Why Would al-Shabaab Target Turkey?

Global Challenges Counter-extremism

Why Would al-Shabaab Target Turkey?

Posted on: 18th December 2015
Mubaraz Ahmed
Senior Analyst

The Turkish national police recently issued a warning across the country's 81 provinces about a potential al-Shabaab  attack on Turkish soil, according to local media reports. Turkey is no stranger to terror attacks, but why would the Somalia-based al-Qaeda affiliate target Turkey?

Muslim majority Turkey certainly seems to have hit a nerve when it comes to al-Shabaab. Following a car bombing by the group that targeted a Turkish delegation in Somalia in January 2015, al-Shabaab's spokesman Sheikh Ali  Mohamud  Raage named Turkey one of the group's targets. Moreover, he said Turkey was the "biggest enemy of Muslims."

Turkey-Somalia ties pose  a serious threat to al-Shabaab's  existence  on two fronts: They put both the group's  ability to operate and its  religious foundation at risk.

The flourishing relationship was given a fresh push in 2011, when Turkish President  Recep  Tayyip  Erdogan  visited Somalia  with his family and cabinet ministers when he was still prime minister. It was the first such visit by a non-African leader in two decades. At the time, Erdogan stressed Ankara's commitment to not abandoning "their Muslim brothers and sisters." Far from abandoning them, Turkey has maintained its commitment to Somalia with investment and development activities to this day.

Ties between Turkey and Somalia hurt al-Shabaab  on two fronts.

The two countries have cooperated in visible, high-profile projects such as hospitals and the development of the capital Mogadishu's airport. Not only are they strengthening Somali infrastructure, they are bolstering the government. Turkish operators have replaced competing militias in controlling some of Somalia's lucrative ports, where 55 per cent of the revenue  goes into the Somali government's coffers.

Strengthened infrastructure and regular revenue make for a stronger Somali government, and a stronger Somali government is more likely to be able to provide stability and security to it citizens.  Rebuilding key infrastructure, creating jobs, and generating wealth, Turkey has undermined al-Shabaab's  exploitation of poverty to attract recruits.

Further, al-Shabaab has built authority by claiming to be the only 'legitimate' (read non-corrupt or hypocritical) Islamic movement in Somalia. Turkey's work there undermines that claim. Turkey's Directorate of Religious Affairs, the Diyanet, has been funding mosque-building projects in a number  of countries, including Somalia. Building mosques gives Turkey a platform to promote itself as a legitimate and authentic religious authority. It also gives it an opening to promote Turkey's vision of Islam as part of a functioning democratic state.

When Mehmet  Gormez, the head of the  Diyanet,  received a delegation from the Union of Muslim Scholars of Somalia, he spoke about the importance of eradicating poverty as a means to eradicate the malice fuelling extremism in the country. He pledged to "help our scholars in Africa."

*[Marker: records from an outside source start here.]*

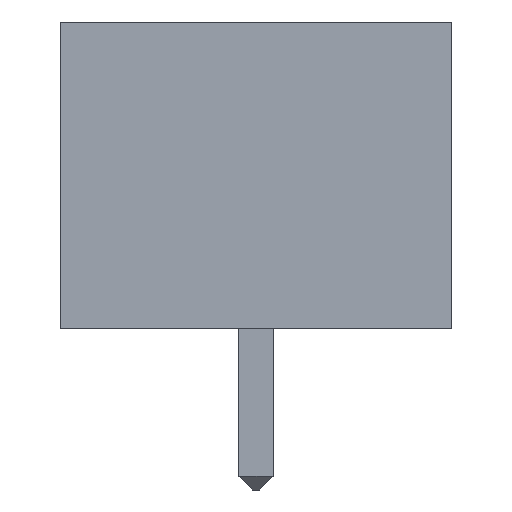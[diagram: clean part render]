
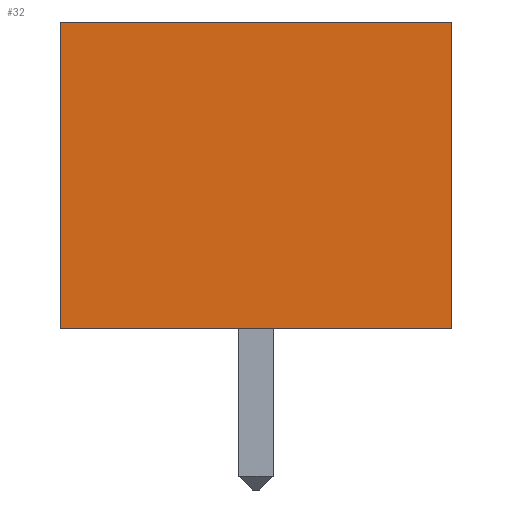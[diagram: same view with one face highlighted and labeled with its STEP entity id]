
A CAD part, left-side view. The second image highlights one B-rep face of the part: STEP entity #32.
In plain terms, the highlighted planar face has unit normal (-1, 0, 0).
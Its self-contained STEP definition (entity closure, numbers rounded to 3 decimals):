
#32 = ADVANCED_FACE('',(#33),#47,.F.);
#33 = FACE_BOUND('',#34,.F.);
#34 = EDGE_LOOP('',(#35,#70,#98,#126));
#35 = ORIENTED_EDGE('',*,*,#36,.F.);
#36 = EDGE_CURVE('',#37,#39,#41,.T.);
#37 = VERTEX_POINT('',#38);
#38 = CARTESIAN_POINT('',(-2.3,-4.6,0.));
#39 = VERTEX_POINT('',#40);
#40 = CARTESIAN_POINT('',(-2.3,-4.6,7.2));
#41 = SURFACE_CURVE('',#42,(#46,#58),.PCURVE_S1.);
#42 = LINE('',#43,#44);
#43 = CARTESIAN_POINT('',(-2.3,-4.6,0.));
#44 = VECTOR('',#45,1.);
#45 = DIRECTION('',(0.,0.,1.));
#46 = PCURVE('',#47,#52);
#47 = PLANE('',#48);
#48 = AXIS2_PLACEMENT_3D('',#49,#50,#51);
#49 = CARTESIAN_POINT('',(-2.3,-4.6,0.));
#50 = DIRECTION('',(1.,0.,0.));
#51 = DIRECTION('',(0.,0.,1.));
#52 = DEFINITIONAL_REPRESENTATION('',(#53),#57);
#53 = LINE('',#54,#55);
#54 = CARTESIAN_POINT('',(0.,0.));
#55 = VECTOR('',#56,1.);
#56 = DIRECTION('',(1.,0.));
#57 = ( GEOMETRIC_REPRESENTATION_CONTEXT(2) 
PARAMETRIC_REPRESENTATION_CONTEXT() REPRESENTATION_CONTEXT('2D SPACE',''
  ) );
#58 = PCURVE('',#59,#64);
#59 = PLANE('',#60);
#60 = AXIS2_PLACEMENT_3D('',#61,#62,#63);
#61 = CARTESIAN_POINT('',(-2.3,-4.6,0.));
#62 = DIRECTION('',(0.,1.,0.));
#63 = DIRECTION('',(0.,0.,1.));
#64 = DEFINITIONAL_REPRESENTATION('',(#65),#69);
#65 = LINE('',#66,#67);
#66 = CARTESIAN_POINT('',(0.,0.));
#67 = VECTOR('',#68,1.);
#68 = DIRECTION('',(1.,0.));
#69 = ( GEOMETRIC_REPRESENTATION_CONTEXT(2) 
PARAMETRIC_REPRESENTATION_CONTEXT() REPRESENTATION_CONTEXT('2D SPACE',''
  ) );
#70 = ORIENTED_EDGE('',*,*,#71,.T.);
#71 = EDGE_CURVE('',#37,#72,#74,.T.);
#72 = VERTEX_POINT('',#73);
#73 = CARTESIAN_POINT('',(-2.3,4.6,0.));
#74 = SURFACE_CURVE('',#75,(#79,#86),.PCURVE_S1.);
#75 = LINE('',#76,#77);
#76 = CARTESIAN_POINT('',(-2.3,-4.6,0.));
#77 = VECTOR('',#78,1.);
#78 = DIRECTION('',(0.,1.,0.));
#79 = PCURVE('',#47,#80);
#80 = DEFINITIONAL_REPRESENTATION('',(#81),#85);
#81 = LINE('',#82,#83);
#82 = CARTESIAN_POINT('',(0.,0.));
#83 = VECTOR('',#84,1.);
#84 = DIRECTION('',(0.,-1.));
#85 = ( GEOMETRIC_REPRESENTATION_CONTEXT(2) 
PARAMETRIC_REPRESENTATION_CONTEXT() REPRESENTATION_CONTEXT('2D SPACE',''
  ) );
#86 = PCURVE('',#87,#92);
#87 = PLANE('',#88);
#88 = AXIS2_PLACEMENT_3D('',#89,#90,#91);
#89 = CARTESIAN_POINT('',(-2.3,-4.6,0.));
#90 = DIRECTION('',(0.,0.,1.));
#91 = DIRECTION('',(1.,0.,0.));
#92 = DEFINITIONAL_REPRESENTATION('',(#93),#97);
#93 = LINE('',#94,#95);
#94 = CARTESIAN_POINT('',(0.,0.));
#95 = VECTOR('',#96,1.);
#96 = DIRECTION('',(0.,1.));
#97 = ( GEOMETRIC_REPRESENTATION_CONTEXT(2) 
PARAMETRIC_REPRESENTATION_CONTEXT() REPRESENTATION_CONTEXT('2D SPACE',''
  ) );
#98 = ORIENTED_EDGE('',*,*,#99,.T.);
#99 = EDGE_CURVE('',#72,#100,#102,.T.);
#100 = VERTEX_POINT('',#101);
#101 = CARTESIAN_POINT('',(-2.3,4.6,7.2));
#102 = SURFACE_CURVE('',#103,(#107,#114),.PCURVE_S1.);
#103 = LINE('',#104,#105);
#104 = CARTESIAN_POINT('',(-2.3,4.6,0.));
#105 = VECTOR('',#106,1.);
#106 = DIRECTION('',(0.,0.,1.));
#107 = PCURVE('',#47,#108);
#108 = DEFINITIONAL_REPRESENTATION('',(#109),#113);
#109 = LINE('',#110,#111);
#110 = CARTESIAN_POINT('',(0.,-9.2));
#111 = VECTOR('',#112,1.);
#112 = DIRECTION('',(1.,0.));
#113 = ( GEOMETRIC_REPRESENTATION_CONTEXT(2) 
PARAMETRIC_REPRESENTATION_CONTEXT() REPRESENTATION_CONTEXT('2D SPACE',''
  ) );
#114 = PCURVE('',#115,#120);
#115 = PLANE('',#116);
#116 = AXIS2_PLACEMENT_3D('',#117,#118,#119);
#117 = CARTESIAN_POINT('',(-2.3,4.6,0.));
#118 = DIRECTION('',(0.,1.,0.));
#119 = DIRECTION('',(0.,0.,1.));
#120 = DEFINITIONAL_REPRESENTATION('',(#121),#125);
#121 = LINE('',#122,#123);
#122 = CARTESIAN_POINT('',(0.,0.));
#123 = VECTOR('',#124,1.);
#124 = DIRECTION('',(1.,0.));
#125 = ( GEOMETRIC_REPRESENTATION_CONTEXT(2) 
PARAMETRIC_REPRESENTATION_CONTEXT() REPRESENTATION_CONTEXT('2D SPACE',''
  ) );
#126 = ORIENTED_EDGE('',*,*,#127,.F.);
#127 = EDGE_CURVE('',#39,#100,#128,.T.);
#128 = SURFACE_CURVE('',#129,(#133,#140),.PCURVE_S1.);
#129 = LINE('',#130,#131);
#130 = CARTESIAN_POINT('',(-2.3,-4.6,7.2));
#131 = VECTOR('',#132,1.);
#132 = DIRECTION('',(0.,1.,0.));
#133 = PCURVE('',#47,#134);
#134 = DEFINITIONAL_REPRESENTATION('',(#135),#139);
#135 = LINE('',#136,#137);
#136 = CARTESIAN_POINT('',(7.2,0.));
#137 = VECTOR('',#138,1.);
#138 = DIRECTION('',(0.,-1.));
#139 = ( GEOMETRIC_REPRESENTATION_CONTEXT(2) 
PARAMETRIC_REPRESENTATION_CONTEXT() REPRESENTATION_CONTEXT('2D SPACE',''
  ) );
#140 = PCURVE('',#141,#146);
#141 = PLANE('',#142);
#142 = AXIS2_PLACEMENT_3D('',#143,#144,#145);
#143 = CARTESIAN_POINT('',(-2.3,-4.6,7.2));
#144 = DIRECTION('',(0.,0.,1.));
#145 = DIRECTION('',(1.,0.,0.));
#146 = DEFINITIONAL_REPRESENTATION('',(#147),#151);
#147 = LINE('',#148,#149);
#148 = CARTESIAN_POINT('',(0.,0.));
#149 = VECTOR('',#150,1.);
#150 = DIRECTION('',(0.,1.));
#151 = ( GEOMETRIC_REPRESENTATION_CONTEXT(2) 
PARAMETRIC_REPRESENTATION_CONTEXT() REPRESENTATION_CONTEXT('2D SPACE',''
  ) );

Gormez' comments suggest Turkey is making efforts to counter both the poverty-related push factors that help extremist groups like al-Shabaab  flourish, as well as the more ideological aspects of the group's thinking. While other regional Muslim powers like Egypt and Saudi Arabia have often ignored or neglected Somalia, possibly a reason for the prevalence of the  foreign-based  Salafi-Jihadi group al-Qaeda in that country, Turkey seems to be the only partner willing to engage with the African state.  Of course, while this engagement helps Somalia fight al-Shabaab, it helps Turkey spread its 'brand' of Islam.

No doubt Turkey has helped alleviate some of Somalia's troubles with aid; it gave over a billion dollars of humanitarian aid in 2012 alone. The longer-term aspirations of Turkey, however, are linked to economic opportunities in the African state. Access to Somalia's oil reserves is undoubtedly on Turkey's list, with Turkish firms exploring opportunities in that sector. Somalia has also become a major trading partner for Turkish exports. These jumped from $2.1 billion in 2003 to over $10 billion in 2013.  Without the necessary infrastructure, trade is at risk. In the long-term, Turkish investment in Somali infrastructure will benefit both nations, but Somalia would benefit from putting the relationship on a more equal footing.

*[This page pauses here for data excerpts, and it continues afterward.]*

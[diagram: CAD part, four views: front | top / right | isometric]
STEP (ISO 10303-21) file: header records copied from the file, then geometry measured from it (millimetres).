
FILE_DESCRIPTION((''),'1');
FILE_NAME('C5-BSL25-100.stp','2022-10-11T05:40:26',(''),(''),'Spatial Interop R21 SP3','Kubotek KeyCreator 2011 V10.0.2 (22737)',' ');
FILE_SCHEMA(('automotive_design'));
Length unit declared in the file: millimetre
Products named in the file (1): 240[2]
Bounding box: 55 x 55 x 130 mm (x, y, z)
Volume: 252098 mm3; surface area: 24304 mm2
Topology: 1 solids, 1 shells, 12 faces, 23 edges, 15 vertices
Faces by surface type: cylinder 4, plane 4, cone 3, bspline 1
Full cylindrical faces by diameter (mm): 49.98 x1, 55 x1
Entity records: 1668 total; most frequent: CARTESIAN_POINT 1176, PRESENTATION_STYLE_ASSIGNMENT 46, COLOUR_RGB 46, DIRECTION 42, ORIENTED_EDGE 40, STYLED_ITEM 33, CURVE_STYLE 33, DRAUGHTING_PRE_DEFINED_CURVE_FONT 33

Still, as far as Somalia is concerned Turkey is not only investing billions and working to eradicate poverty, it is helping restore stability and security to a country where three generations  have grown up not knowing peace. But for al-Shabaab, Turkey is an unwelcome  visitor, hampering recruitment efforts and helping the government fight the group. It seems unsurprising, then, that Turkey has become a major enemy.